Gorze,
mars 2011

Photos Aurore (cliquer pour agrandir)
Chers
Amis,
Nous
voici à nouveau à l’entrée dans le Grand
Carême: quarante jours pour dresser le bilan du « vieil
homme » que je suis encore et naître à «
l’homme nouveau » qui sommeille en moi. Pâques
est vraiment le moteur de ma vie personnelle: mort et résurrection,
« passer » de plan de conscience en plan de conscience
vers l’irruption d’une dimension radicalement nouvelle.
Celle-ci est le mystère de mon identité profonde,
là où « Je Suis » enraciné en Dieu
lui-même, l’Etre, le grand « Je Suis ».
Saint Paul nous le rappelle: « Vous entrerez par votre profondeur
dans toute la profondeur de Dieu » ( Eph. 3 ). On comprend
alors comment Saint Augustin a pu écrire cette phrase inouïe:
« Dieu est plus intime à moi que moi-même! »
Donc expérimenter l’homme dans toute sa dimension,
c’est expérimenter Dieu! L’homme n’a pas
d’yeux ni d’oreilles, il ne vivote qu’à
la surface existentielle, tant qu’il n’a pas atteint
un certain niveau d’approfondissement et de silence.
La
conversion, à laquelle nous invite le Carême, c’est
comprendre que je suis appelé à parcourir une distance
vertigineuse à l’intérieur de mon être.
Une hymne primitive, d’un dynamisme explosif, dit: «
Eveille-toi, oh toi qui dors, et tu toucheras le Christ! »

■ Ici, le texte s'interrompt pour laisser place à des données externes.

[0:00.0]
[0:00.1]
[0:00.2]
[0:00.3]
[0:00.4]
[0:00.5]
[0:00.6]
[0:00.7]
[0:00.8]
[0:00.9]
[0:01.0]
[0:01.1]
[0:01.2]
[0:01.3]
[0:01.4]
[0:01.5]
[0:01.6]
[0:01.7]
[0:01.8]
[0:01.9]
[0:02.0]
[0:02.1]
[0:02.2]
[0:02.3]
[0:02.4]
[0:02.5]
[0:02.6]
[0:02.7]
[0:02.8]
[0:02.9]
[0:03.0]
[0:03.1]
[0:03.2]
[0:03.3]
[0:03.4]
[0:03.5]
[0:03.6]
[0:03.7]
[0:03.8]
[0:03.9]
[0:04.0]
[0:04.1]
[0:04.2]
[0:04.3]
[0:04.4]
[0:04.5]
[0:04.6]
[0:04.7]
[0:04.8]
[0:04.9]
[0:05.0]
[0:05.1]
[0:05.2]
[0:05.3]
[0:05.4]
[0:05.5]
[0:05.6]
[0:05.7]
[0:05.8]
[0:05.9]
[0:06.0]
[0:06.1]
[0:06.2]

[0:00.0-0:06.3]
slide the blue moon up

Ce « passage » de l’état de mort à
l’état de vie, de l’enfer au Royaume, définit
exactement l’itinéraire du retournement, de la conversion.

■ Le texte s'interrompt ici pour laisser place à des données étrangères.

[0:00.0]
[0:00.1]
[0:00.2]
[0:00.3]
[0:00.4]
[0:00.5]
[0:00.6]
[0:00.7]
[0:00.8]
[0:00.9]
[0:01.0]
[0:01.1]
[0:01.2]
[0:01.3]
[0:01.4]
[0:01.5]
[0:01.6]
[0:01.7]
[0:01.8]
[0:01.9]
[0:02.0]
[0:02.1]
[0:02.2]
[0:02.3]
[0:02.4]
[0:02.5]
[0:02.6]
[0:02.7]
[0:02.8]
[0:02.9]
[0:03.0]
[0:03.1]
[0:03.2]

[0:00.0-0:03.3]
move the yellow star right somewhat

Celle-ci n’est en aucun cas un changement moral, une amélioration
de soi, mais une réelle mutation de l’être humain
tout entier, corps-âme-esprit, le devenir d’une «
nouvelle créature ».
Cet
appel sourd en chacun de nous, c’est une attirance vers une
toute autre vie; il est pour celui qui l’écoute, le
thème spirituel personnel, toujours identique à lui-même.

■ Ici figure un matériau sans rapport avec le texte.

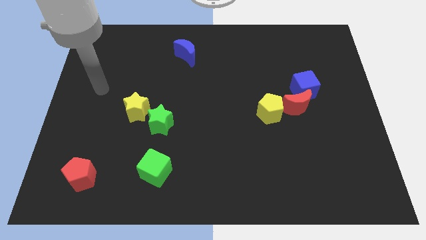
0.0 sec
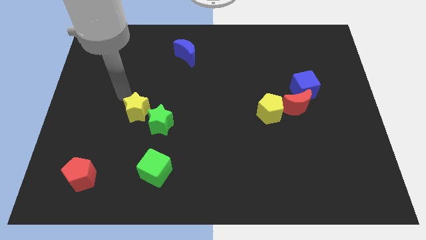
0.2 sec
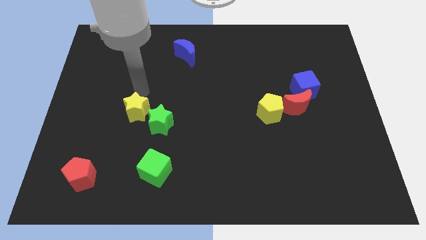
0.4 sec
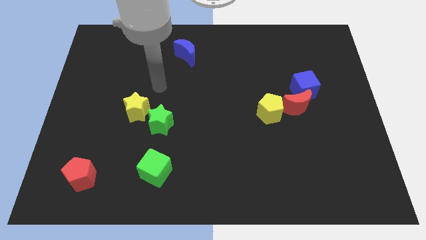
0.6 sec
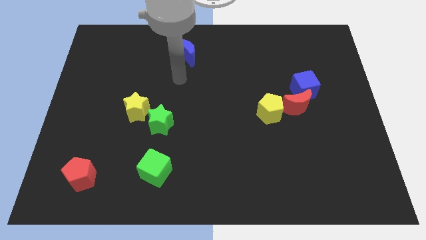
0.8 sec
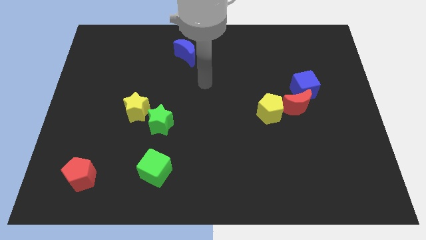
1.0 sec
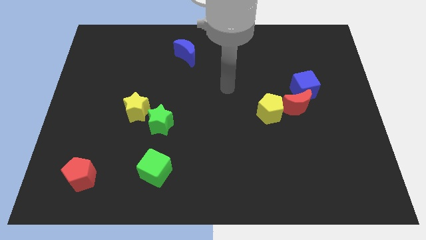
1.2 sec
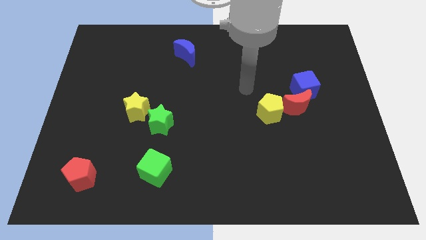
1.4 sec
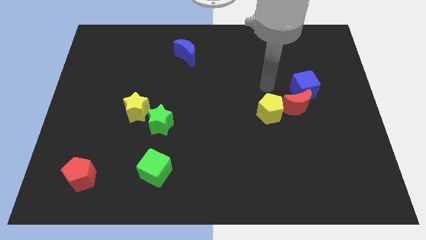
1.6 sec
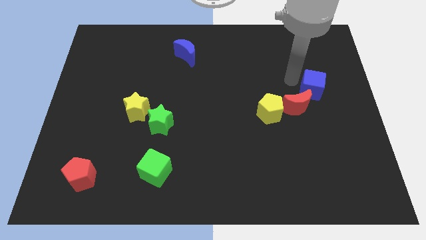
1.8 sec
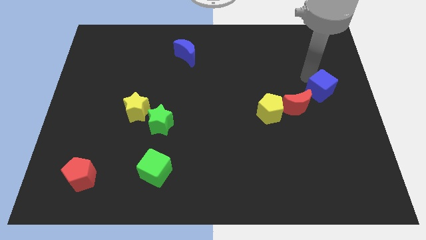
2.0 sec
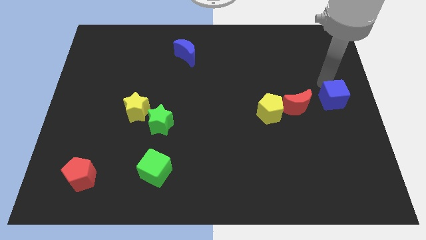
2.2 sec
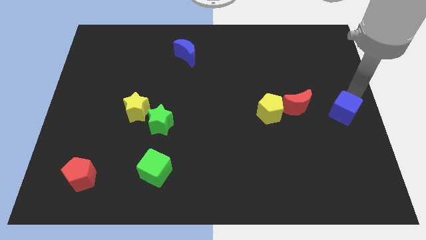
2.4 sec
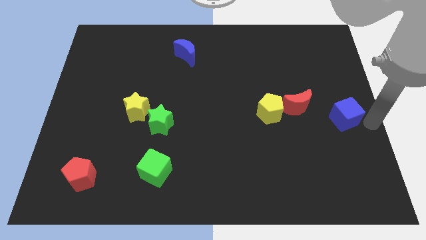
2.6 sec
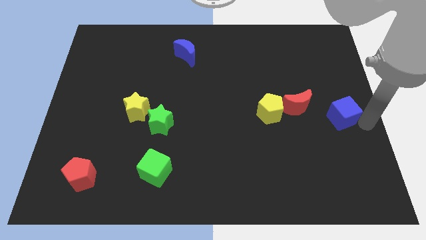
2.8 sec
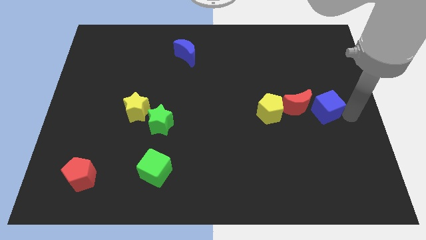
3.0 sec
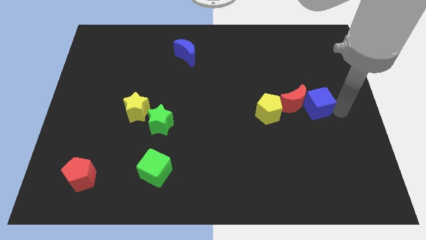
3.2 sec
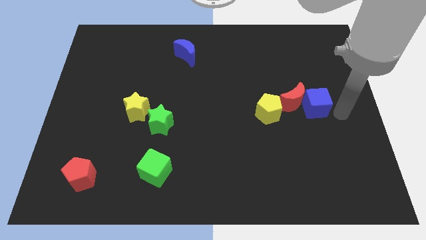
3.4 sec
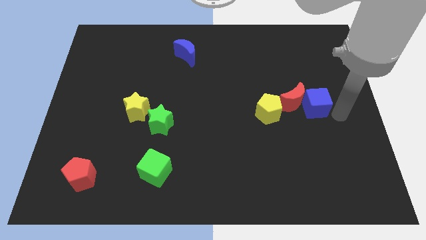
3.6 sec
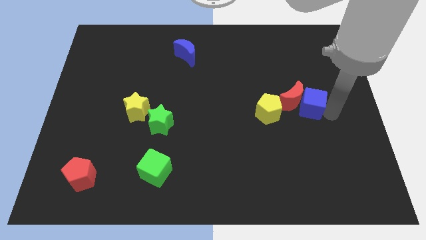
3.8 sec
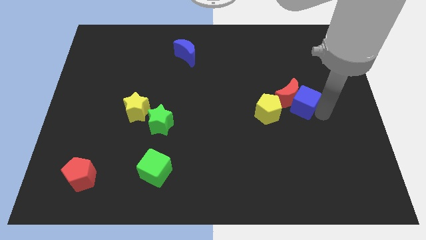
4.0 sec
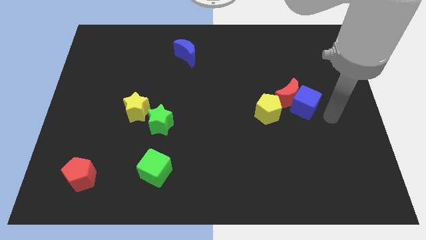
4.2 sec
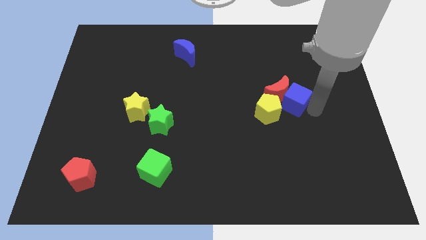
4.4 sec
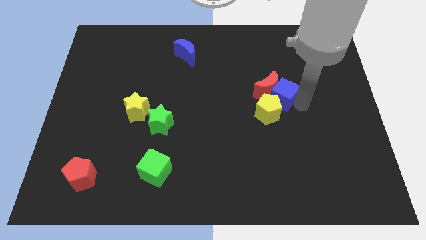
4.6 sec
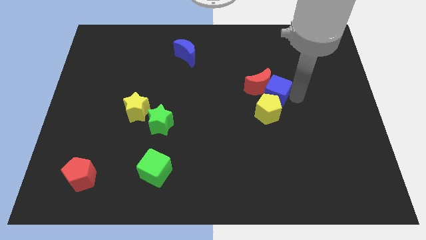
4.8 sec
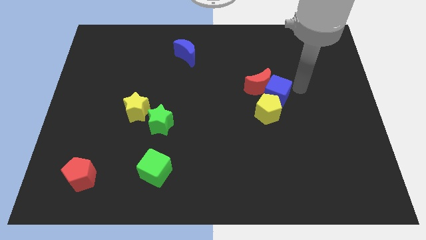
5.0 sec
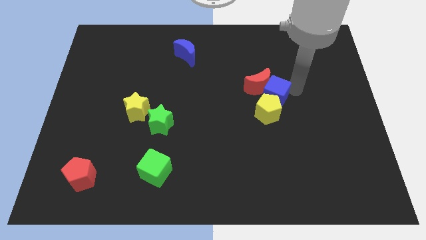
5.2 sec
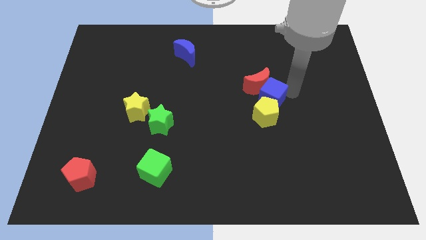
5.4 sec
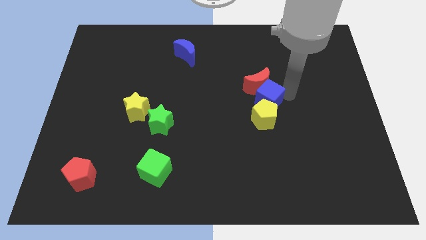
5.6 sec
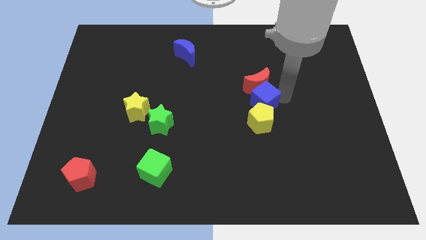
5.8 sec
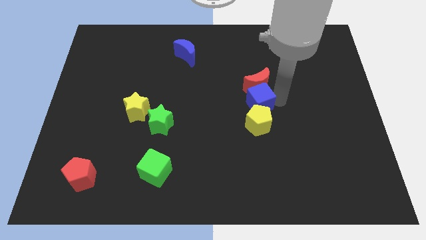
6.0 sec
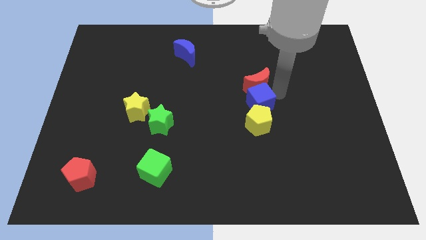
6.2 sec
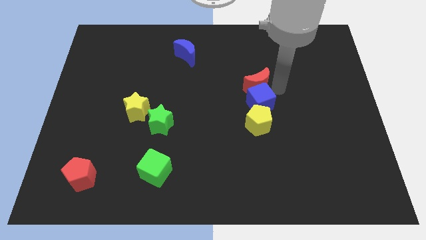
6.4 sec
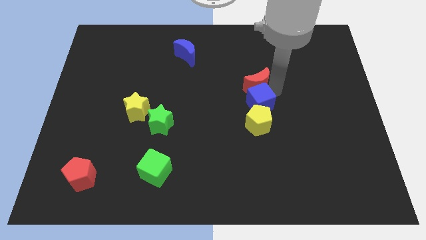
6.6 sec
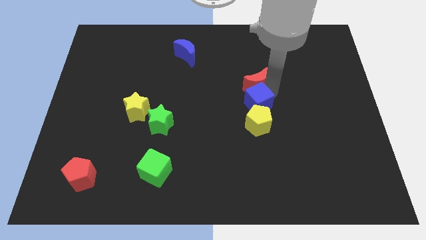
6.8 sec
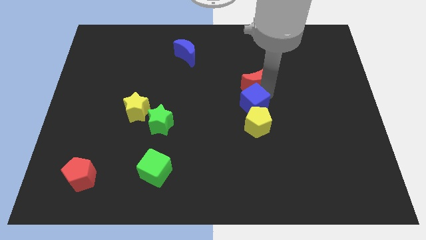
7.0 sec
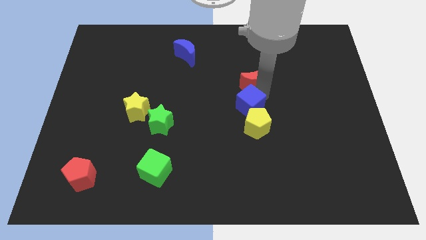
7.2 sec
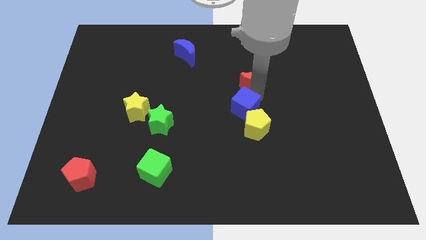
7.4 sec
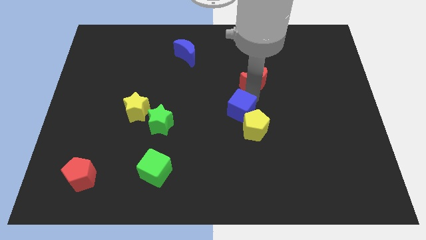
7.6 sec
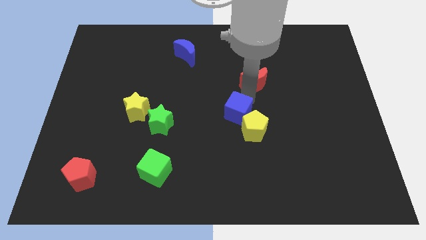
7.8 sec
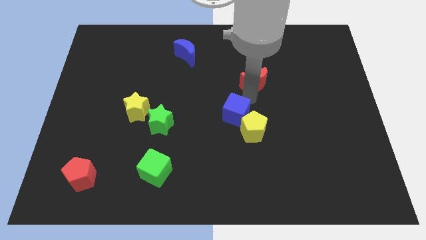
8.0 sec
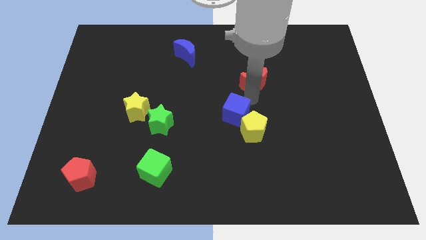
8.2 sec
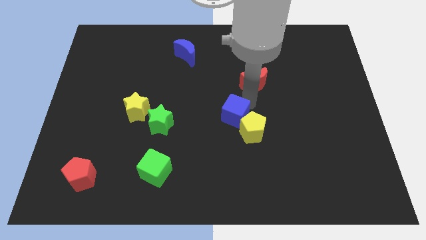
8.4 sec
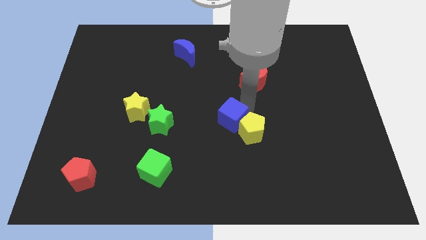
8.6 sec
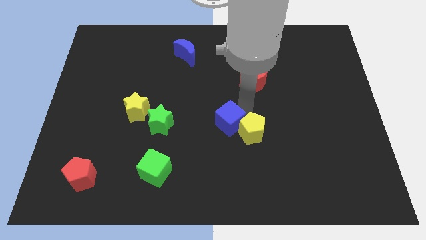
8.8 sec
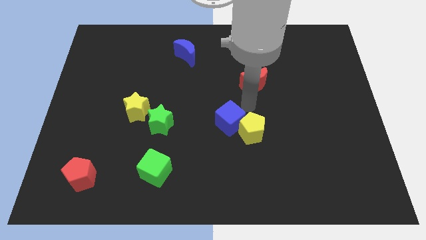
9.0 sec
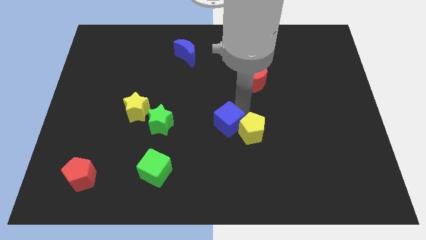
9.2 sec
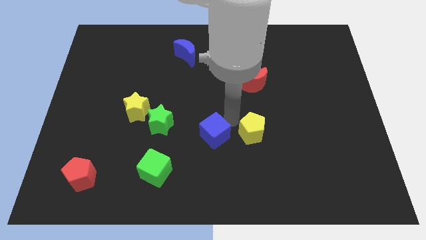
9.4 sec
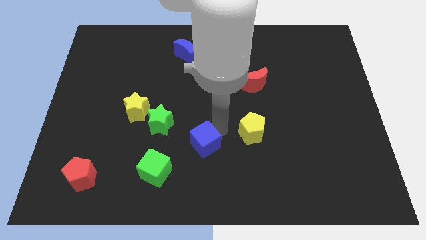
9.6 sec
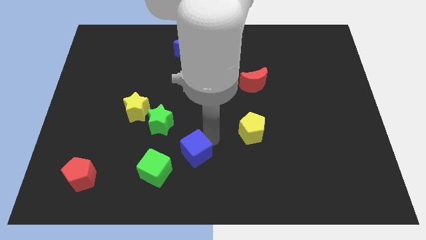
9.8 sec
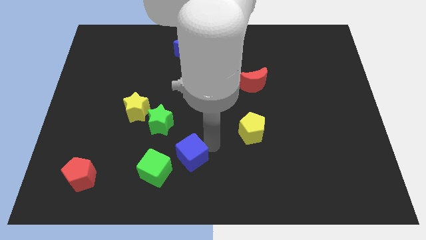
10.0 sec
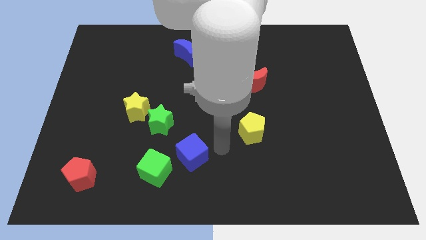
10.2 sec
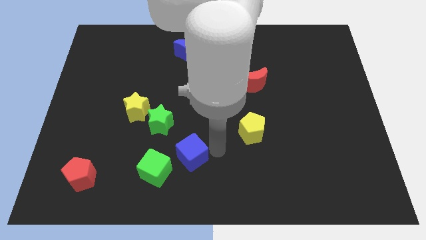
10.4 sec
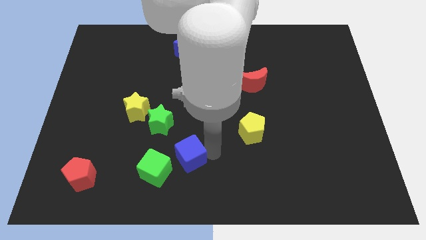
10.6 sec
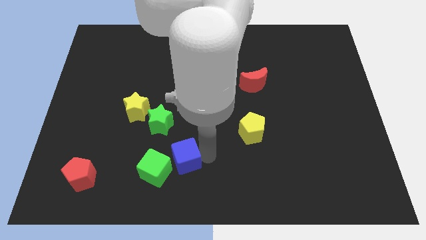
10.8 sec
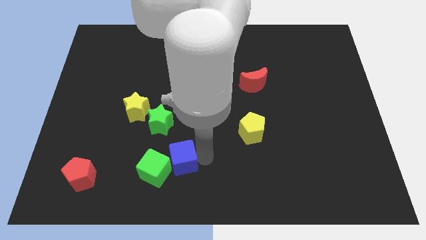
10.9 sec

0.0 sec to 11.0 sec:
push the blue cube close to the green cube

Il accompagne chacun depuis sa naissance, il est la question de
chacun et sa mise en question. Déjà les Anciens philosophes
appelaient cela « entéléchie »; pour l’Evangile,
il s’agit de la croix personnelle à tout homme, échelle
par laquelle il développe sa croissance à travers
les difficultés que lui offre sa nature, chacun a les siennes.
Comprendre
sa croix, c’est pressentir les données de son destin,
déchiffrer son sens, c’est se comprendre…, détecter
en soi les promesses enfouies originellement par le Créateur.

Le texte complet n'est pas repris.